I leaned forward over the table, and whisper yelled at her. “Jay is at my house!”

Chapter Two

“Jay Crowely? Why?”

“How should I know? I went to bed last night in a mostly empty house aside from my parents, and when I woke up, there was Jay, sipping coffee like he owned the place, and I was the intruder!” I took a careful sip of my peppermint cocoa. My nose dipping into the whipped cream before I scrubbed it with a napkin. I was in no mood for cute cocoa moments.

“Did you ask him why he was there?” She had the decency to sound adequately scandalized, but her question was ridiculous.
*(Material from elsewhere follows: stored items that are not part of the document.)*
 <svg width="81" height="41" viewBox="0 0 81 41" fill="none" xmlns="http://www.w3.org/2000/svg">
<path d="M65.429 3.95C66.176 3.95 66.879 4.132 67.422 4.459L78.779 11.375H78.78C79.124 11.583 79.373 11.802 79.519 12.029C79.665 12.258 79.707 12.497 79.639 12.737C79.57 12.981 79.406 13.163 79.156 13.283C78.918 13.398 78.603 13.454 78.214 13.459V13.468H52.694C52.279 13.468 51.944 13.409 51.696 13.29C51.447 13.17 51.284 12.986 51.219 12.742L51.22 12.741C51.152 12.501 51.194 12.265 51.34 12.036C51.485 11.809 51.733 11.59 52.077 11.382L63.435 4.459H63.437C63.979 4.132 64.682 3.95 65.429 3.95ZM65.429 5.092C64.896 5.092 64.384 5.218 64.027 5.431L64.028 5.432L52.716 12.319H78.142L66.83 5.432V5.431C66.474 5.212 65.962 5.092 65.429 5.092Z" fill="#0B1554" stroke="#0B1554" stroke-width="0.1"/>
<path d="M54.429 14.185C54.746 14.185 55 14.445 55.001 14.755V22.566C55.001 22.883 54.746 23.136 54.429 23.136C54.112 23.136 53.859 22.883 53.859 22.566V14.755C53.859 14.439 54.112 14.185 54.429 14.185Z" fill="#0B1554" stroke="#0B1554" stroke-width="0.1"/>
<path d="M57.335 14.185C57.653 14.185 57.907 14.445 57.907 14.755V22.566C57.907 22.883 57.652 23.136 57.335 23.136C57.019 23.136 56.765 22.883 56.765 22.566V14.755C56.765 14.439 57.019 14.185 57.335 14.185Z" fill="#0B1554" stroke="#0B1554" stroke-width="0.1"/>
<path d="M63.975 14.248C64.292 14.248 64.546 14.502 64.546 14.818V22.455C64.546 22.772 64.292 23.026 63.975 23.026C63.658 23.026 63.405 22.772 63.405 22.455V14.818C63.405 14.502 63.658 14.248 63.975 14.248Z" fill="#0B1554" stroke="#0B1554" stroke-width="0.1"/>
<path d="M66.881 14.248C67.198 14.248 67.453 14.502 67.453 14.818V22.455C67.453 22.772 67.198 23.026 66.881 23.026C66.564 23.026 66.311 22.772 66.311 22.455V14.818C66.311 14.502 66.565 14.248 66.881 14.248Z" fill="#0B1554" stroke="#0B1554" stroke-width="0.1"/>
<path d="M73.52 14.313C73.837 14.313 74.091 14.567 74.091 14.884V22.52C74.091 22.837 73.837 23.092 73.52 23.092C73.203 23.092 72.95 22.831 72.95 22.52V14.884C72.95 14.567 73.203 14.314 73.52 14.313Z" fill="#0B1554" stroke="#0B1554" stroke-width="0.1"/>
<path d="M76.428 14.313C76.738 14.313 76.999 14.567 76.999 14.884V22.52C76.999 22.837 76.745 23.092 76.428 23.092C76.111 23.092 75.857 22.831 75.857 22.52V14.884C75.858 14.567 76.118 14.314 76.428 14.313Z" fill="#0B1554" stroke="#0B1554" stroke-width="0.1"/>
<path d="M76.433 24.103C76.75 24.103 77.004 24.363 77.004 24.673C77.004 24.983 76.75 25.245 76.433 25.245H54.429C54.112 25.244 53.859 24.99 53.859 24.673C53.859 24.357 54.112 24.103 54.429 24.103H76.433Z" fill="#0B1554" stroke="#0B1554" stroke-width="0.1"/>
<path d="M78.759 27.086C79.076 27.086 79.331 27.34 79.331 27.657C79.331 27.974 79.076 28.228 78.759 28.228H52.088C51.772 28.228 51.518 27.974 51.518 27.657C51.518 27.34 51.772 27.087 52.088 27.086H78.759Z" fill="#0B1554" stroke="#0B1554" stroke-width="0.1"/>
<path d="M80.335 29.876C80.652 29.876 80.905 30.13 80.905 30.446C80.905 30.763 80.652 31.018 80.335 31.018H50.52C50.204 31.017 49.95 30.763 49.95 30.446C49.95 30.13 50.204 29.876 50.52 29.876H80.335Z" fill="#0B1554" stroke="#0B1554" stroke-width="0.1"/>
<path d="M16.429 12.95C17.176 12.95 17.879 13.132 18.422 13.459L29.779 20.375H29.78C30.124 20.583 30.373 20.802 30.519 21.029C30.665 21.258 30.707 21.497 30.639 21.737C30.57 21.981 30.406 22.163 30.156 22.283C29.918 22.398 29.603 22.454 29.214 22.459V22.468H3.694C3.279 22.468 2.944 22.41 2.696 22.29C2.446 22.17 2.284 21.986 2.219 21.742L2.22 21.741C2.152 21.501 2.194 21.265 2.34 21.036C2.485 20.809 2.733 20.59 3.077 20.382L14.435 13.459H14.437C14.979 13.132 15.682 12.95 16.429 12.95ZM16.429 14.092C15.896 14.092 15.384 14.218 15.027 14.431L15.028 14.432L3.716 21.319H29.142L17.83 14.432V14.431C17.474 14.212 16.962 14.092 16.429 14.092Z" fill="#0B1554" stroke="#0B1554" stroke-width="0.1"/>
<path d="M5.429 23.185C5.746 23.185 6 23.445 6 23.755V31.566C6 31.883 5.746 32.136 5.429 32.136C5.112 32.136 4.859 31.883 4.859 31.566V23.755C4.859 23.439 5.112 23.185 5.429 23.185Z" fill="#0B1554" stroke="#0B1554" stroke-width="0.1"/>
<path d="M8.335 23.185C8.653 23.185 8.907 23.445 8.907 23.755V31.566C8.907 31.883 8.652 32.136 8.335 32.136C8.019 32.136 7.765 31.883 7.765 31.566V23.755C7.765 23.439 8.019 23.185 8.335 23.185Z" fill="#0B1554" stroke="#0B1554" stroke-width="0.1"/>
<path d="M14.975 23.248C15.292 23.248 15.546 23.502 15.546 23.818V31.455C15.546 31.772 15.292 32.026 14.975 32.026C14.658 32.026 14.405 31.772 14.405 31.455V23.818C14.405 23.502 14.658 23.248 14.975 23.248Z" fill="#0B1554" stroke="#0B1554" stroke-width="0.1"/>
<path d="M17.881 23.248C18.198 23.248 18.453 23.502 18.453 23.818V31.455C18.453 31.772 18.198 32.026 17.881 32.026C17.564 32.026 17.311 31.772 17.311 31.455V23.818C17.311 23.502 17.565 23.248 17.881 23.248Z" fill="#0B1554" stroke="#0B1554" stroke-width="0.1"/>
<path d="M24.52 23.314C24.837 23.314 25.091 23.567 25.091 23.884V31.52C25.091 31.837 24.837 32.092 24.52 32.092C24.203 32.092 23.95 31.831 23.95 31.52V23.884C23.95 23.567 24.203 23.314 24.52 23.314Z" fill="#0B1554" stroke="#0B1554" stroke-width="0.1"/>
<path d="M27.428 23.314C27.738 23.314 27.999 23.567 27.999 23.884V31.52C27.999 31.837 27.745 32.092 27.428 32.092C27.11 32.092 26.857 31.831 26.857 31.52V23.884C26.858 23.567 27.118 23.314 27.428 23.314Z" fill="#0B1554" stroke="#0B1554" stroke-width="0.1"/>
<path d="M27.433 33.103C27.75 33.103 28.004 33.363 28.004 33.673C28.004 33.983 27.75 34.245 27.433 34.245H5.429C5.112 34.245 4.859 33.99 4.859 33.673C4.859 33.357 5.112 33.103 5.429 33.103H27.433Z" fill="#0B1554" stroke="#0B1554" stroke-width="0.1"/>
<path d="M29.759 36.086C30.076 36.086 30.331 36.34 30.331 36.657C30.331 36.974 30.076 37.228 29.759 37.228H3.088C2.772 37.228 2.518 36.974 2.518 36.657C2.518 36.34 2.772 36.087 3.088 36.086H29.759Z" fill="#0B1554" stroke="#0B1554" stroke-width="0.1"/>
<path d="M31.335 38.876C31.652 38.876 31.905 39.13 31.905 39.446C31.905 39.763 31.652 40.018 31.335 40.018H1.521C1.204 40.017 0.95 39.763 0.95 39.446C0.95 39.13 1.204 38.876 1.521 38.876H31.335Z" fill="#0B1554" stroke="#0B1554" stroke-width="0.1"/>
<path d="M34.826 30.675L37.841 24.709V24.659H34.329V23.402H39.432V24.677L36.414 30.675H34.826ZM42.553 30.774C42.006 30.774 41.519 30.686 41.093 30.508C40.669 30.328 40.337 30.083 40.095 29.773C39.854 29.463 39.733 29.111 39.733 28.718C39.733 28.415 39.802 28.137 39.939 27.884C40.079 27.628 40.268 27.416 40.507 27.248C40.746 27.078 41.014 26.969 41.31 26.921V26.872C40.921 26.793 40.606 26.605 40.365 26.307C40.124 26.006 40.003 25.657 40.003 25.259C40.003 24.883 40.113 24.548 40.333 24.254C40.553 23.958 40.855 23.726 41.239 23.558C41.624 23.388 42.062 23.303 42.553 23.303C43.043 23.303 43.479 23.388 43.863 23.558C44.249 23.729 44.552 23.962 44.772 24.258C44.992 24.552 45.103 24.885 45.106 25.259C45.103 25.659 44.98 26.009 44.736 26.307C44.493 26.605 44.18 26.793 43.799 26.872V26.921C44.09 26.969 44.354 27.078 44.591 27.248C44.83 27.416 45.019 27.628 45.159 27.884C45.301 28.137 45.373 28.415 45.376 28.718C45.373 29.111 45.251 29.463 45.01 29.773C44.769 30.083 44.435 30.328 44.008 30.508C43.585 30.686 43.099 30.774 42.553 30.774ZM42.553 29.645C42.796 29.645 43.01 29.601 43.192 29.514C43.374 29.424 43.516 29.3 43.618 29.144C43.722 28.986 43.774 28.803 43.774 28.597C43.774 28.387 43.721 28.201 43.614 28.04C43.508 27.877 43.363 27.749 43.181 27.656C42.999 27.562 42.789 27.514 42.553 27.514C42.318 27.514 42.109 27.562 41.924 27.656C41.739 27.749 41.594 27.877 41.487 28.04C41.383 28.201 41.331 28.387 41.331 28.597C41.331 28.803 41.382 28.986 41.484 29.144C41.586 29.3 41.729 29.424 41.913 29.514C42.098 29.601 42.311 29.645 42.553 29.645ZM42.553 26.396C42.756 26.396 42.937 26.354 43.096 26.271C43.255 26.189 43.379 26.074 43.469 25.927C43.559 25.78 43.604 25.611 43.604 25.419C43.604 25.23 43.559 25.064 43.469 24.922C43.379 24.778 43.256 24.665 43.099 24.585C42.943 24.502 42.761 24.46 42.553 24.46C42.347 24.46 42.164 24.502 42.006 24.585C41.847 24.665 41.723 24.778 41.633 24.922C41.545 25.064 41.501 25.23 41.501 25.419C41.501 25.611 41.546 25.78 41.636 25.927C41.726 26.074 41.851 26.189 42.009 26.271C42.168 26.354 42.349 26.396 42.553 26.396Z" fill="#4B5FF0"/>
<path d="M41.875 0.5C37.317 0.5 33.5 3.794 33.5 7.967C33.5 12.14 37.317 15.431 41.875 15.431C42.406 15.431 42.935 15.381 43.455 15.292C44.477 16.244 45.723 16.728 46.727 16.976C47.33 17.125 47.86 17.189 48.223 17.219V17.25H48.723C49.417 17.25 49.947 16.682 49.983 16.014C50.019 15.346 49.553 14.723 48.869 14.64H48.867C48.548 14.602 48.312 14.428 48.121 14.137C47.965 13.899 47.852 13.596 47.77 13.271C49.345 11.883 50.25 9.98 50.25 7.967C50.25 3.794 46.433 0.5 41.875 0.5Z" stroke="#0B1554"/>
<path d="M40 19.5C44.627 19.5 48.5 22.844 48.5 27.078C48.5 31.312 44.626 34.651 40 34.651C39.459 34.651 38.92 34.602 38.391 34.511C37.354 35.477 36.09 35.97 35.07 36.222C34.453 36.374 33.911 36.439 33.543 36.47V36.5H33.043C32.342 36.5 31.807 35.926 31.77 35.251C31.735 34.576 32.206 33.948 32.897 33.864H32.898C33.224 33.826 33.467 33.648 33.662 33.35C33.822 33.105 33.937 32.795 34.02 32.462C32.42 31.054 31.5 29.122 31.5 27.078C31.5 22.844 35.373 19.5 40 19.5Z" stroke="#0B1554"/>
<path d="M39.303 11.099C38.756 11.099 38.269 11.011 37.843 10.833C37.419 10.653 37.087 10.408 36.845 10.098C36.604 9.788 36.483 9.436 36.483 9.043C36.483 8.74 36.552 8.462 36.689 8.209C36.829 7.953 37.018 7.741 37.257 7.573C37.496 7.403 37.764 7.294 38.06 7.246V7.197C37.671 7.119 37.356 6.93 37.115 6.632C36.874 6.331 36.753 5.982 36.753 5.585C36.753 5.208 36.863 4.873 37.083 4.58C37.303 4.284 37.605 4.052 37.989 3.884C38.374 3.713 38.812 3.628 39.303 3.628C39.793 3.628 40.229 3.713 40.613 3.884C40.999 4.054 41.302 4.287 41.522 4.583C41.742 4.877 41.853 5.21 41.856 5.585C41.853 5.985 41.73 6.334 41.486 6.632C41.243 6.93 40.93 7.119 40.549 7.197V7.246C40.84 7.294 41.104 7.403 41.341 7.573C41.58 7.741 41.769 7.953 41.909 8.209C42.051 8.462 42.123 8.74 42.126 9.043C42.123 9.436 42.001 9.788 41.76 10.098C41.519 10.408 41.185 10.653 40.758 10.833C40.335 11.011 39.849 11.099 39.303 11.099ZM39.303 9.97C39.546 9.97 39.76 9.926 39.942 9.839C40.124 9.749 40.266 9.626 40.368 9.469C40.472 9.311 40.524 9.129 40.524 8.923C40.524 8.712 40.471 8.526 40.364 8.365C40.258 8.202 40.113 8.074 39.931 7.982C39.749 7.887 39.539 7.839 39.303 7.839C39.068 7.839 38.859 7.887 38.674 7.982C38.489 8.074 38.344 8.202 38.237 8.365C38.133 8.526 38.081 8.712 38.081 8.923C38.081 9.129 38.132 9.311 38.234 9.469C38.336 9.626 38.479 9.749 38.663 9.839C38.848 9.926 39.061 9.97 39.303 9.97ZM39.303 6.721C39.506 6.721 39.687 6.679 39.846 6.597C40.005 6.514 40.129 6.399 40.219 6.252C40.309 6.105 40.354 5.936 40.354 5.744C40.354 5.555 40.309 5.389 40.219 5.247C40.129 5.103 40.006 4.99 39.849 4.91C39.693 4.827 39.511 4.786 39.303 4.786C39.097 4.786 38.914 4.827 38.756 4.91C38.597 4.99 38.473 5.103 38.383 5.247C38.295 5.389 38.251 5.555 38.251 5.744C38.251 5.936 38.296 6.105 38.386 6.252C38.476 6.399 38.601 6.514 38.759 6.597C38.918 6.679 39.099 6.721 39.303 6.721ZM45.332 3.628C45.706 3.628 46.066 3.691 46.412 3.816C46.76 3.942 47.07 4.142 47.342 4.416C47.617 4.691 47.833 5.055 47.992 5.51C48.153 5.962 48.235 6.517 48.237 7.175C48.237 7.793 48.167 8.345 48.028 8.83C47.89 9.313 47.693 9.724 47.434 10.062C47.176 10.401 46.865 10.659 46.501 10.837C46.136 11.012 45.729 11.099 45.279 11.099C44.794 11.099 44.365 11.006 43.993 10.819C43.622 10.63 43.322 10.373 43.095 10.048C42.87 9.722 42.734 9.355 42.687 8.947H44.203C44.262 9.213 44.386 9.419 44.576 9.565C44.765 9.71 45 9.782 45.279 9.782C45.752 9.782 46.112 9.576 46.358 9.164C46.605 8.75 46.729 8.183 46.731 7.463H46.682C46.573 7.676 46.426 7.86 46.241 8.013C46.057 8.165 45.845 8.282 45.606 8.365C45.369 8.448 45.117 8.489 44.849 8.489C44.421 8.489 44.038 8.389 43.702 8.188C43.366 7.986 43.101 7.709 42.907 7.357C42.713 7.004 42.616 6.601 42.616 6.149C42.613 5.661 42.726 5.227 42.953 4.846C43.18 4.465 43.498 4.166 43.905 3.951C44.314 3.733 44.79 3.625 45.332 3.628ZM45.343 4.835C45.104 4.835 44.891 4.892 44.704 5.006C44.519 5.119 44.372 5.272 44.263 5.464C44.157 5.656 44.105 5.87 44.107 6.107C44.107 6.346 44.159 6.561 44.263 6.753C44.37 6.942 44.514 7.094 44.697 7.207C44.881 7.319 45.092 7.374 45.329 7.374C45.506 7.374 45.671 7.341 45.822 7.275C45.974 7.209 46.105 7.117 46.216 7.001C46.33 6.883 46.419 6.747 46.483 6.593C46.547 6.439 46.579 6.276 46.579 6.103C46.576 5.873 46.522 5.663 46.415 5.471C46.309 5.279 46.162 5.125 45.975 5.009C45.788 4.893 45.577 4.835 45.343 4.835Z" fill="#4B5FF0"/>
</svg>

“Of course, I did,” I said, my hands nearly slamming on the table as I leaned even further forward. “He is incapable of answering anything with a straight answer. He just gaslit me about coffee.”

“Maybe he’s changed?”

“Men like that don’t change! It is pathological asshole syndrome or something. I’m sure someone has written about it somewhere.” Jay Crowely had moved into town when I was in first grade, and he was in third. He became best friends with my brother and mortal enemies with me, which sort of made sense since my brother and I weren’t exactly bosom buddies. But still, he didn’t have to go so hard on the make Cat’s life miserable front. Eventually, I could go toe to toe with him, but it was never fun having to defend myself whenever Darren had his friend over.